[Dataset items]
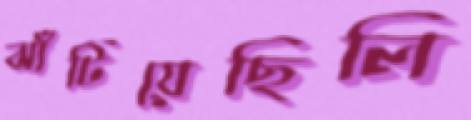
ঝাঁটিয়েছিলি
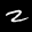
Label: 2
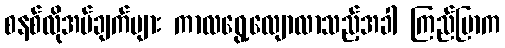
စနစ်လိုအပ်ချက်များ ကာလရွေ့လျောလာသည့်အခါ ကြည်ပြာက
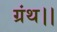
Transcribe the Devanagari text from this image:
ग्रंथ।।

__Assignment__. At the line containing "Transcribe the Devanagari", start copying. Continue exactly through the final line of the entries above and stop there.

__Result of the task__.
Transcribe the Devanagari text from this image:
ग्रंथ।।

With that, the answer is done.